● **ABOUT THIS TASK**
Print all the entries exactly.

Saved entries:
○ ○ ○ ○ ○
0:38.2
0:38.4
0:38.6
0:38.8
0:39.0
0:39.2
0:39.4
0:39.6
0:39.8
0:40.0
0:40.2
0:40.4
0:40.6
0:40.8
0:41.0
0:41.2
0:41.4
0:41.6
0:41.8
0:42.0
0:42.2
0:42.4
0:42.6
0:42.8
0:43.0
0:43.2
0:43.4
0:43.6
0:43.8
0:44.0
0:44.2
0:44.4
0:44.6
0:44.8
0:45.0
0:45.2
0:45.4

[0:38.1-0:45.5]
○ ○ ○ ○ ○
● **EXERCISE OUTPUT**
0:38.2
0:38.4
0:38.6
0:38.8
0:39.0
0:39.2
0:39.4
0:39.6
0:39.8
0:40.0
0:40.2
0:40.4
0:40.6
0:40.8
0:41.0
0:41.2
0:41.4
0:41.6
0:41.8
0:42.0
0:42.2
0:42.4
0:42.6
0:42.8
0:43.0
0:43.2
0:43.4
0:43.6
0:43.8
0:44.0
0:44.2
0:44.4
0:44.6
0:44.8
0:45.0
0:45.2
0:45.4

[0:38.1-0:45.5]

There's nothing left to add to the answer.